===== Material provided =====

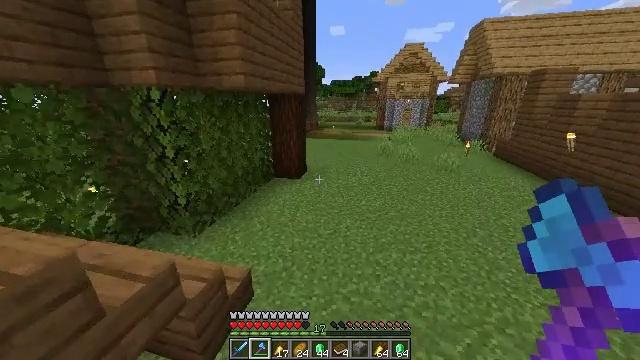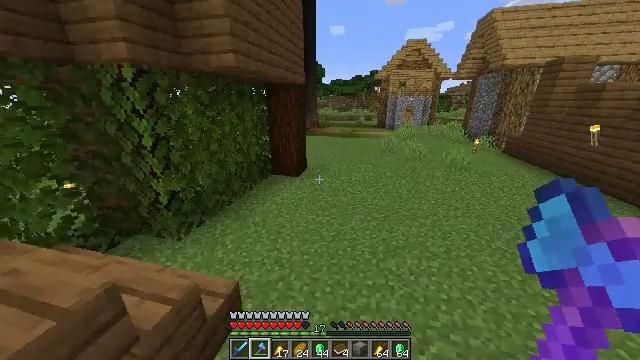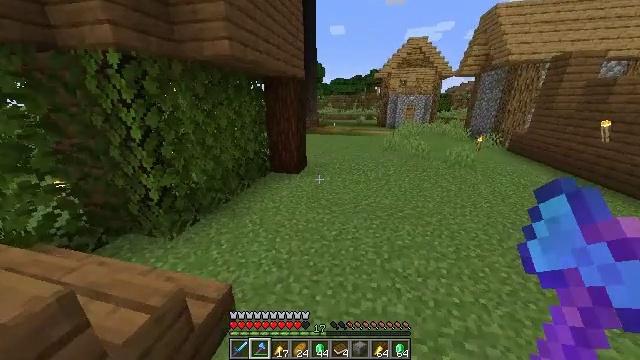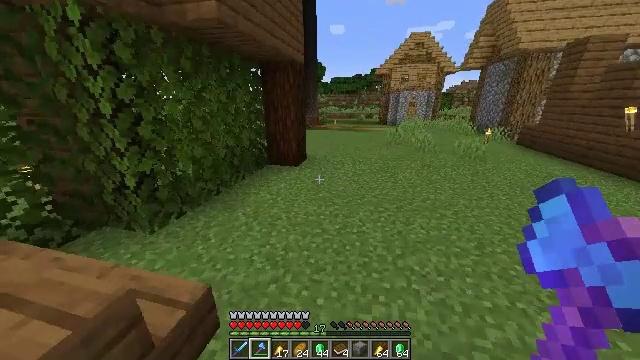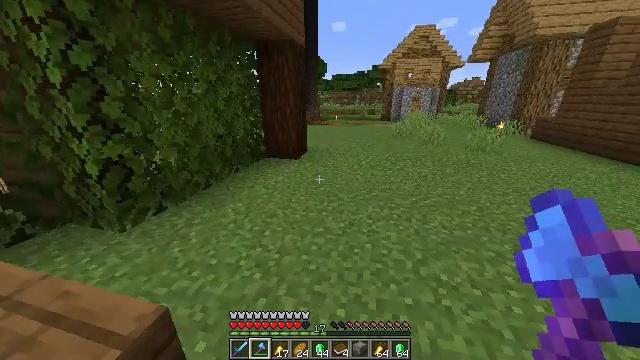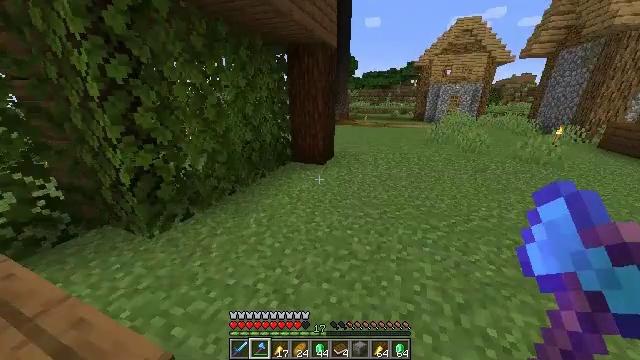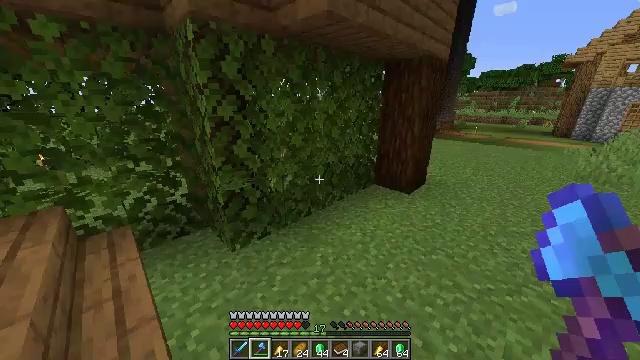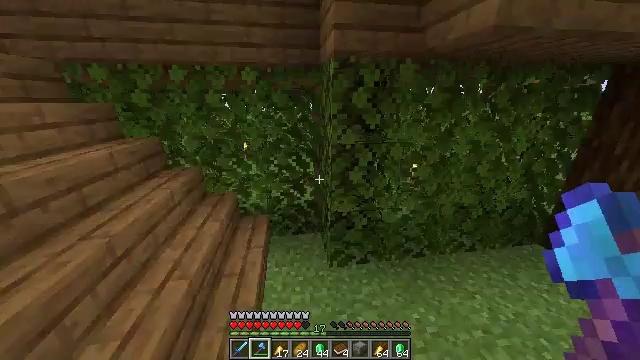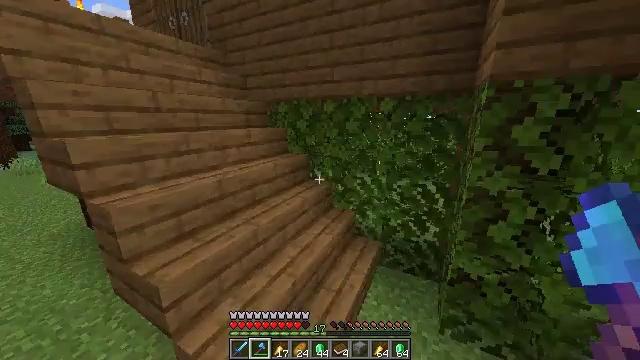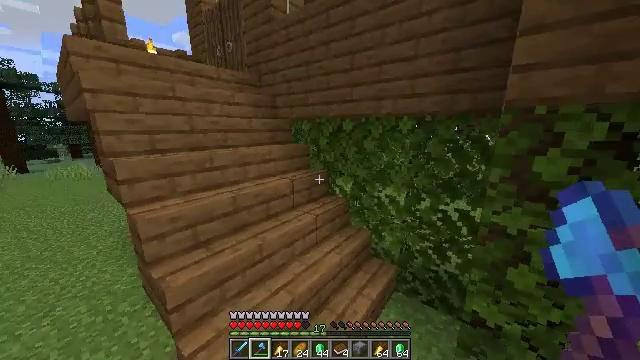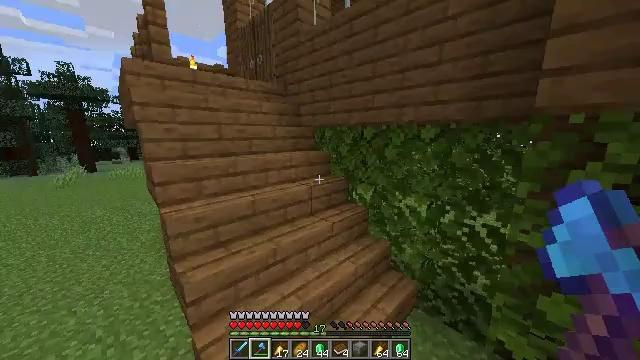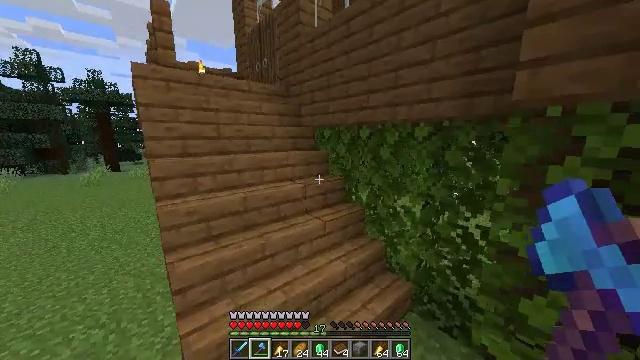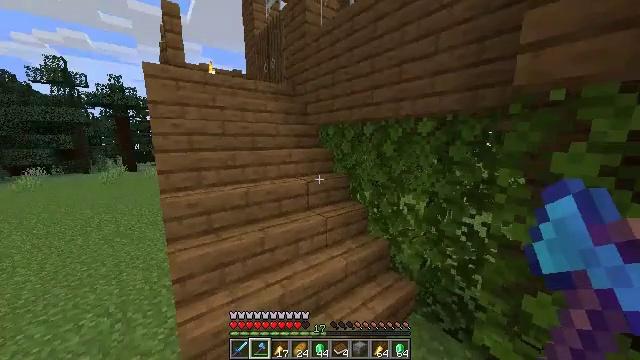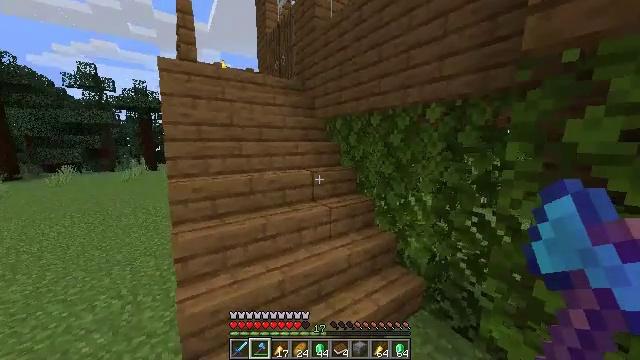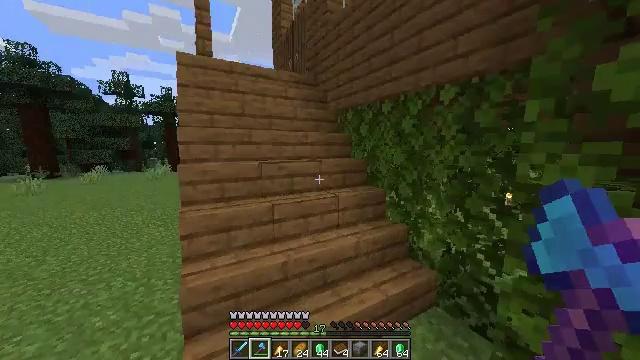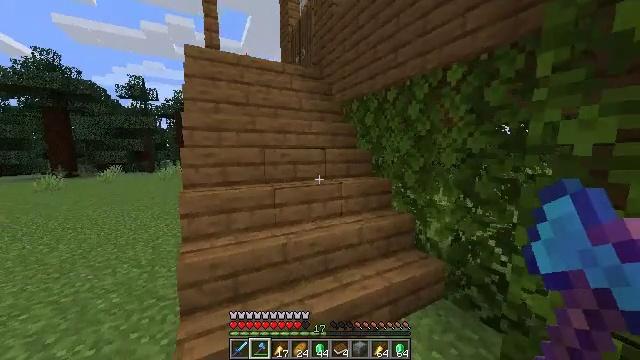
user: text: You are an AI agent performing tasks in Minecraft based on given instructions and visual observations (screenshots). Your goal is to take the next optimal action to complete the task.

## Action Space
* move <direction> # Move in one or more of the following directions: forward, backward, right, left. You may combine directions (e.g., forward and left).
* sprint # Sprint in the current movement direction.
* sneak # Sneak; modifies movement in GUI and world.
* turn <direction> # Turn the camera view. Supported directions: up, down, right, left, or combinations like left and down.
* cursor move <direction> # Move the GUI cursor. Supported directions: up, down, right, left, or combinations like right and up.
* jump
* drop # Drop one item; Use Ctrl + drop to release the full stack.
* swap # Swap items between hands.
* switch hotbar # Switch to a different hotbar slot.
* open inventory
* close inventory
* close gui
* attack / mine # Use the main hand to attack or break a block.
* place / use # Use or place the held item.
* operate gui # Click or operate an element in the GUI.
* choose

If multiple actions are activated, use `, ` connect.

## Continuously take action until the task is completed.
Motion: motion action
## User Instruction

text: Open the crafting table to craft a golden helmet.
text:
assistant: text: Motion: move forward, sprint, jump
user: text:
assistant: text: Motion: move forward, sprint, jump
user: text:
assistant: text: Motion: move forward, sprint, jump
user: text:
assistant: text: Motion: move forward, sprint, jump
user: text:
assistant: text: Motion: move forward, sprint, turn left, jump
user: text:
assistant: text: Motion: move forward, sprint, turn left, jump
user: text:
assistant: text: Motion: move forward, sprint, turn left, jump
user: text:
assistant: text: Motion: move forward, sprint, turn left and up, jump
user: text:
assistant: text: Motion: move forward, sprint, turn left and up, jump
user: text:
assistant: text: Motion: move forward and move left, sprint, turn left and up, jump
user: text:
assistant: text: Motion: move forward and move left, sprint, turn left, jump
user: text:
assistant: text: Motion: move forward and move left, sprint, turn left, jump
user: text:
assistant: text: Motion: move forward and move left, sprint, turn left, jump
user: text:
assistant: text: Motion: move forward, sprint, turn left and up, jump
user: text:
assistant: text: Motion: move forward, sprint, turn left and up, jump
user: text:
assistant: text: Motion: move forward, sprint, jump
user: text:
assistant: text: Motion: move forward, sprint, jump
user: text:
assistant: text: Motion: move forward, sprint, jump
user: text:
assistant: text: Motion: move forward, sprint, jump
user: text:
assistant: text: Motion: move forward, sprint, jump
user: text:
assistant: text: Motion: move forward, sprint, turn left, jump
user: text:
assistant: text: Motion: move forward, sprint, turn left and down, jump
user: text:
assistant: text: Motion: move forward, sprint, turn left and down, jump
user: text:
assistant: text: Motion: move forward, sprint, turn left, jump
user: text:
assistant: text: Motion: move forward, sprint, turn left, jump
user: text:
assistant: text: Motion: move forward and move left, sprint, turn left, jump
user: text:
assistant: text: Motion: move forward and move left, sprint, jump
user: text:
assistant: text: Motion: move forward and move left, sprint, jump
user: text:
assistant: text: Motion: move forward and move left, sprint, jump
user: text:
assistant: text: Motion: move forward, sprint, jump
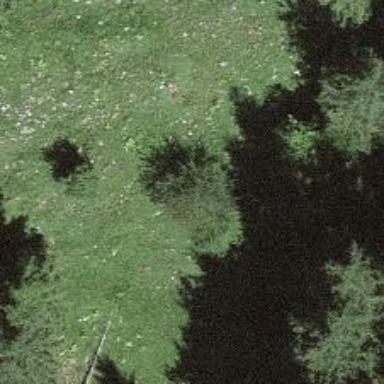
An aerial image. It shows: Single tag "natural: tree."
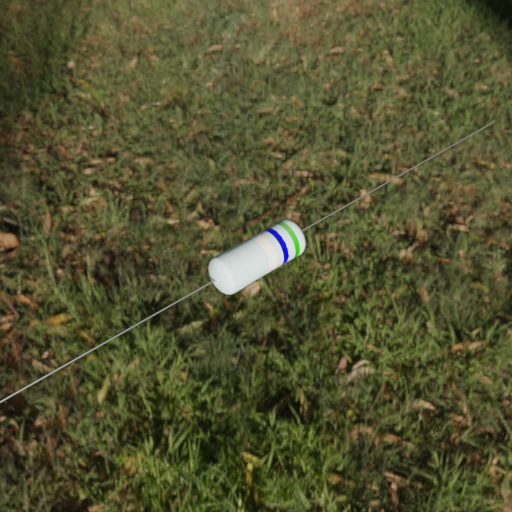
Resistor colour bands (in order): white, blue, green
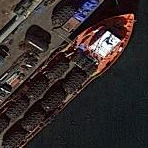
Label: Cargo_ship
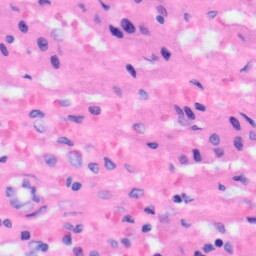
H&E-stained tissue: Liver
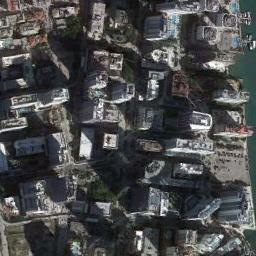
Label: commercial_area
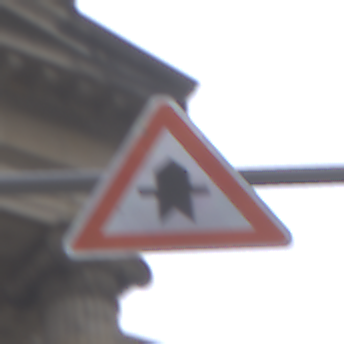
Verkehrszeichen: Vorfahrt
Umgebung: Outdoor, Urban
Tageszeit: Midday
Wetter: Overcast
Licht: Natural
Jahreszeit: NotSpecified
Kontrast: LowContrast
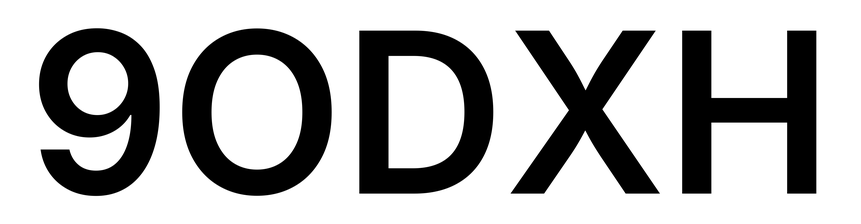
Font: Inter_SemiBold
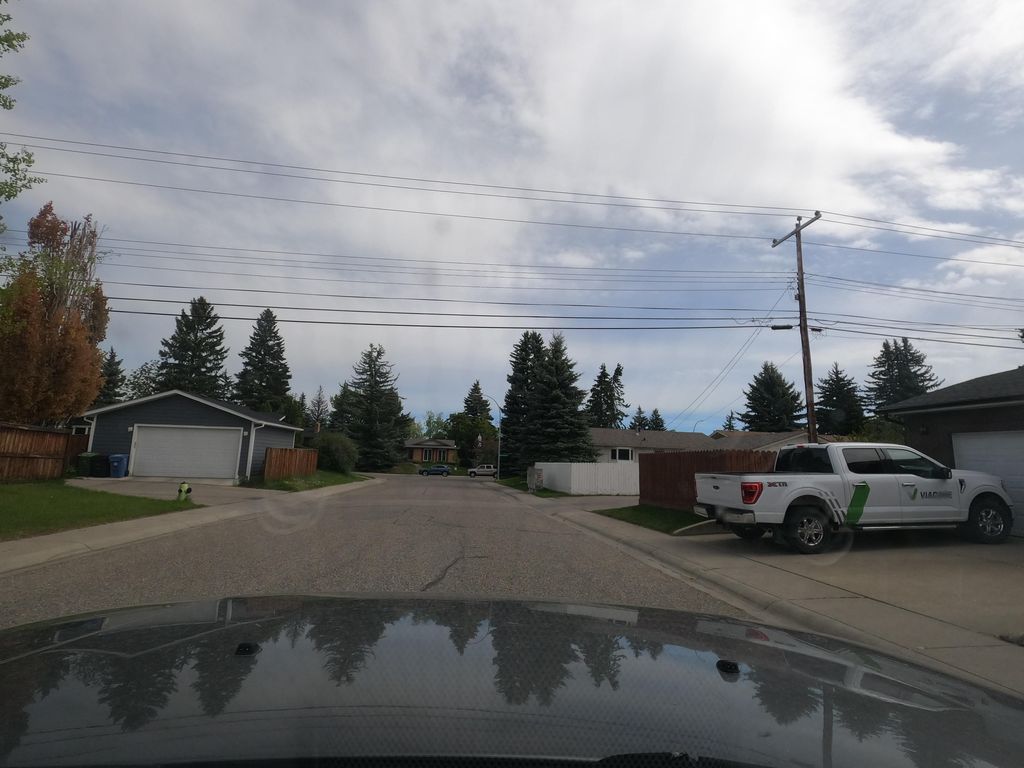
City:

=====

_Your objective_
Only the number is wanted: how many lines of the material above include the word "task"?

_Exercise response_
2